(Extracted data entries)
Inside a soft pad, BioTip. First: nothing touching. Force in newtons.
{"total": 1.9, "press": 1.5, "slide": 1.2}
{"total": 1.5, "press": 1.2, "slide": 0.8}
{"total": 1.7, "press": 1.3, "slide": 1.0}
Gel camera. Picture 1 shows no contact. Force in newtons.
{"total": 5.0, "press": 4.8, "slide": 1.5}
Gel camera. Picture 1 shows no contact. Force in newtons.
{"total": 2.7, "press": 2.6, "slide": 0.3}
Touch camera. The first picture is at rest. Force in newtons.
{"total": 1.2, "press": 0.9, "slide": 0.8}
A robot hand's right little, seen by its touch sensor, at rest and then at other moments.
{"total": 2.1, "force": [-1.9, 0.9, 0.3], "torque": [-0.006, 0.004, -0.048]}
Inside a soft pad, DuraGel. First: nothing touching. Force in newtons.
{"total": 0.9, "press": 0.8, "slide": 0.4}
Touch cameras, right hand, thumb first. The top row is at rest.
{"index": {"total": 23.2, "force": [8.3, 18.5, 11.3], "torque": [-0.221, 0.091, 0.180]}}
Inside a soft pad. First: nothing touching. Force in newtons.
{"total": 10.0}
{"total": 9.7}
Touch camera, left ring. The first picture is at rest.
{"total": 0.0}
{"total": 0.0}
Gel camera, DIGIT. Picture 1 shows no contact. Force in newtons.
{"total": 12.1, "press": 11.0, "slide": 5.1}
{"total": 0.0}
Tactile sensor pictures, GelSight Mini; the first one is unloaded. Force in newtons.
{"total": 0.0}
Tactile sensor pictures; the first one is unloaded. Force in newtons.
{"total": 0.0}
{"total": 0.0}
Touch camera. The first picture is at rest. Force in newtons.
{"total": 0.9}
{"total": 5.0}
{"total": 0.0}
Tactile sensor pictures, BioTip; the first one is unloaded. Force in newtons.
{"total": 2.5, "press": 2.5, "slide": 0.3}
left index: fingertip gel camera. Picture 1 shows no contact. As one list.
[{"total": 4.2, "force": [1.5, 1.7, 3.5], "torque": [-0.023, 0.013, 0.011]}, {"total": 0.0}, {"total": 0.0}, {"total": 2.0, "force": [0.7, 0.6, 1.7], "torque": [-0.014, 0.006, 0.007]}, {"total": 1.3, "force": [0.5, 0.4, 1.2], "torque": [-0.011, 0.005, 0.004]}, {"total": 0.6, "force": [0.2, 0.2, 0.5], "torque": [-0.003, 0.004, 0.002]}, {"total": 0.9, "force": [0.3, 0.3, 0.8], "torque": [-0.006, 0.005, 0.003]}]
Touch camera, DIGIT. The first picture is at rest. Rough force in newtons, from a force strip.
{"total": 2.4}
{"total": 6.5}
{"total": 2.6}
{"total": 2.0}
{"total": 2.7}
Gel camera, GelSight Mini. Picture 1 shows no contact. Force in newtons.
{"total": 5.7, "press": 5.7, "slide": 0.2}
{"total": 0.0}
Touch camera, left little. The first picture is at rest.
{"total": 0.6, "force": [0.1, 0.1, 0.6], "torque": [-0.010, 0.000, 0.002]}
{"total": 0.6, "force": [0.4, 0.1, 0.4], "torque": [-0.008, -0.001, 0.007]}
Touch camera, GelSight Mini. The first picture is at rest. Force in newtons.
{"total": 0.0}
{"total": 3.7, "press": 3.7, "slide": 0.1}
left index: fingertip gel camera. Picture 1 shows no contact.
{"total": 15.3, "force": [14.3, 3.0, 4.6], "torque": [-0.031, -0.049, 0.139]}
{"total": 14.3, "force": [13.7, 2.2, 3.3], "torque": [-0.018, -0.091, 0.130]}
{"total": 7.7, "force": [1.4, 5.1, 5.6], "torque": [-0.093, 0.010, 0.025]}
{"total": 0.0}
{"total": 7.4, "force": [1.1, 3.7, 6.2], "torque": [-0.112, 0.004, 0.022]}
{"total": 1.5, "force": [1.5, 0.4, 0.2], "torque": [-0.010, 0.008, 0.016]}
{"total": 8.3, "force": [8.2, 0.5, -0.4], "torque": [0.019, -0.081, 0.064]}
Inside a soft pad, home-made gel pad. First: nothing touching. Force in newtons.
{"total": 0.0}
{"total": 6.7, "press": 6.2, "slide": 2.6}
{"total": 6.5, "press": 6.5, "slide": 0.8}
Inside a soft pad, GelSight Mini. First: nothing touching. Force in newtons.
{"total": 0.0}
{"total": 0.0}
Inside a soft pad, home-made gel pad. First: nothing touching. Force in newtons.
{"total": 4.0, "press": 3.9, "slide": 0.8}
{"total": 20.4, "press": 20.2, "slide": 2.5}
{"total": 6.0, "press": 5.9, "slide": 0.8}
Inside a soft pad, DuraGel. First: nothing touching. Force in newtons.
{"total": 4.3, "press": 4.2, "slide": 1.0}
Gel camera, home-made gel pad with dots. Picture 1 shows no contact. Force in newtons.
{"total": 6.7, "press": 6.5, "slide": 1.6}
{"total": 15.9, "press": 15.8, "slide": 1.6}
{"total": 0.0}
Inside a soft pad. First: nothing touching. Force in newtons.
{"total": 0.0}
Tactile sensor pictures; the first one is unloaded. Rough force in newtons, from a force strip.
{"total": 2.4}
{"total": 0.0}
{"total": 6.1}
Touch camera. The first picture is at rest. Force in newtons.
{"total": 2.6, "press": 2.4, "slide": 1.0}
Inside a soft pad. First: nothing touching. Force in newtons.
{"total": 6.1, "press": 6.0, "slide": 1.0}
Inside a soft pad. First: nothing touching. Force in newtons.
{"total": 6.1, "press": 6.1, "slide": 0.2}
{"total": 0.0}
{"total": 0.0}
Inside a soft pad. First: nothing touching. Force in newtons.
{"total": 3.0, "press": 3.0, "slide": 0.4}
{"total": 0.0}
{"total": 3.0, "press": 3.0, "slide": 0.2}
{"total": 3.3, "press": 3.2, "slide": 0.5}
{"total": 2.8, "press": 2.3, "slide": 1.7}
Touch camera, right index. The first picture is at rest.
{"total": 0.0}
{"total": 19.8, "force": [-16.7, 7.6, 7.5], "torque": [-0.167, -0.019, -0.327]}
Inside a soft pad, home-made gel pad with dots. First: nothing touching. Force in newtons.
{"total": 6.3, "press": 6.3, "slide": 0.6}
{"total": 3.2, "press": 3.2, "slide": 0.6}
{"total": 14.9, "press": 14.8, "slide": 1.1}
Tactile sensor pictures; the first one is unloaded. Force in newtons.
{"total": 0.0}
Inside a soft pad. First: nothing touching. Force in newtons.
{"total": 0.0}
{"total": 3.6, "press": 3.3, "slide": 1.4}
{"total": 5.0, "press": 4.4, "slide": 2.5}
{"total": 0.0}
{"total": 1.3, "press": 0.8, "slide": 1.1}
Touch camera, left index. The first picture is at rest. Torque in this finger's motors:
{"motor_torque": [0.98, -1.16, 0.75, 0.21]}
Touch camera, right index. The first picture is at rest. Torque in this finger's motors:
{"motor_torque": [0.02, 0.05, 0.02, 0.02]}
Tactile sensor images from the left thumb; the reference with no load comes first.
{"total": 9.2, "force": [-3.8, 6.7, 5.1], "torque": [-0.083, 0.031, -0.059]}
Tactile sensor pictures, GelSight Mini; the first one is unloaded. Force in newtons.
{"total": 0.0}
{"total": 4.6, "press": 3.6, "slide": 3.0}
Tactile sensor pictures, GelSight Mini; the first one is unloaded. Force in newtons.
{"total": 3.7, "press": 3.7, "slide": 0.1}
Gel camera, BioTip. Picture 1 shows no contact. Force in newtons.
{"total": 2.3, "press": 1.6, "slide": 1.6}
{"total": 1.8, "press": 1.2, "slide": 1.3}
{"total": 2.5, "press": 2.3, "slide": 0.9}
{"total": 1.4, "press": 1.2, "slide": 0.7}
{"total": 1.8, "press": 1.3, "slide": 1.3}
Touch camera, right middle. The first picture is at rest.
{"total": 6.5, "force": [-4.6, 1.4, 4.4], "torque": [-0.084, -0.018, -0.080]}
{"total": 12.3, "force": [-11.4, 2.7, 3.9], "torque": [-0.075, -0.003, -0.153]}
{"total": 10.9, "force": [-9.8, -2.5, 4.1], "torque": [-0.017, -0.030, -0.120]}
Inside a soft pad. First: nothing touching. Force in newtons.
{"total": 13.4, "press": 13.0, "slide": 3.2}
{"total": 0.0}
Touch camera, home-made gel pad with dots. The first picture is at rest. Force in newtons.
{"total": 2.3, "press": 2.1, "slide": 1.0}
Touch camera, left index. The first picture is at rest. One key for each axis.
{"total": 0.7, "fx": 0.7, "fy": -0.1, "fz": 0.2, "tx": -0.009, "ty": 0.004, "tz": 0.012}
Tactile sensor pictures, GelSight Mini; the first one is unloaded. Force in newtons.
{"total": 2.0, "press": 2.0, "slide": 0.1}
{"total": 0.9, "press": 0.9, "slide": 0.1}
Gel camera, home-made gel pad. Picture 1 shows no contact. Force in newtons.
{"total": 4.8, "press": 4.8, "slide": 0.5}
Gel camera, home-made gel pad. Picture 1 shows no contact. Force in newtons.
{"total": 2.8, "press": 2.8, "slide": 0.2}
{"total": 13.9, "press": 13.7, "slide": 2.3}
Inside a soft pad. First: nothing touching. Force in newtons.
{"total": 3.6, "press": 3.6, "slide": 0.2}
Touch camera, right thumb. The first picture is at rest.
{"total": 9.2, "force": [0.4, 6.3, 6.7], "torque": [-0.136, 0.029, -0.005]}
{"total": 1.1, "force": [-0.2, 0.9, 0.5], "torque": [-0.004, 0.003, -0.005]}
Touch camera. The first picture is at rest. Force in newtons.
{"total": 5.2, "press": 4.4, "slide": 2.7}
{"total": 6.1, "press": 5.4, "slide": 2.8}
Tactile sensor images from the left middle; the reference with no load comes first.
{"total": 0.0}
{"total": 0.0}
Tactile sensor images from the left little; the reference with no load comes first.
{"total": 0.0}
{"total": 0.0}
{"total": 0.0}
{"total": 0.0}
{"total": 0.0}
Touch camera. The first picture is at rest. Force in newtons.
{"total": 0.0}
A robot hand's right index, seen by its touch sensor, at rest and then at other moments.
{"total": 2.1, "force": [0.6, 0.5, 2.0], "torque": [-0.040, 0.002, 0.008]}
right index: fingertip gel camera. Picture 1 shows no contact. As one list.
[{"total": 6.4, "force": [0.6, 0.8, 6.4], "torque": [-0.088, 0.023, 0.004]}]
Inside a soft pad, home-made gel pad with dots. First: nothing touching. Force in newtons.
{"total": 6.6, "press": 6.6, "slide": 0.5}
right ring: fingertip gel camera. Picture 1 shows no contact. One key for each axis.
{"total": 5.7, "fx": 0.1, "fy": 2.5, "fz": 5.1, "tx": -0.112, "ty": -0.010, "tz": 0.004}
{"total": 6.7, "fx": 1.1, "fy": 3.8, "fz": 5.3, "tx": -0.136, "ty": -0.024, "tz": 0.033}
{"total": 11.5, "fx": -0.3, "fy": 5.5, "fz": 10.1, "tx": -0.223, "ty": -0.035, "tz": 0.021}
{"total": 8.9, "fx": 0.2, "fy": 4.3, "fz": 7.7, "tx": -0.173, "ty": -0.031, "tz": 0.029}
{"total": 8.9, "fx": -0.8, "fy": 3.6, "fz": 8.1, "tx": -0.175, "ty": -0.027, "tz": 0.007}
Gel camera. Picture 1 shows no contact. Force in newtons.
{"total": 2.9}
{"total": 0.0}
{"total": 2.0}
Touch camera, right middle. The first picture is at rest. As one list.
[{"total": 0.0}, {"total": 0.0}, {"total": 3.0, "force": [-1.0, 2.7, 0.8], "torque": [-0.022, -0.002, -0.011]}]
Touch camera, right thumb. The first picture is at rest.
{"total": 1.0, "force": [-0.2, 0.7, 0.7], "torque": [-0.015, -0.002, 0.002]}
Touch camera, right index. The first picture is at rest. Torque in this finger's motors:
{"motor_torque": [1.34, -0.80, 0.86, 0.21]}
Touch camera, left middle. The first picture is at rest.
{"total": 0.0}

#### Task requirements:
Could you print exactly the lines from the one containing "Touch camera, left middle." through the last line of the records above?

#### Exercise output:
Touch camera, left middle. The first picture is at rest.
{"total": 0.0}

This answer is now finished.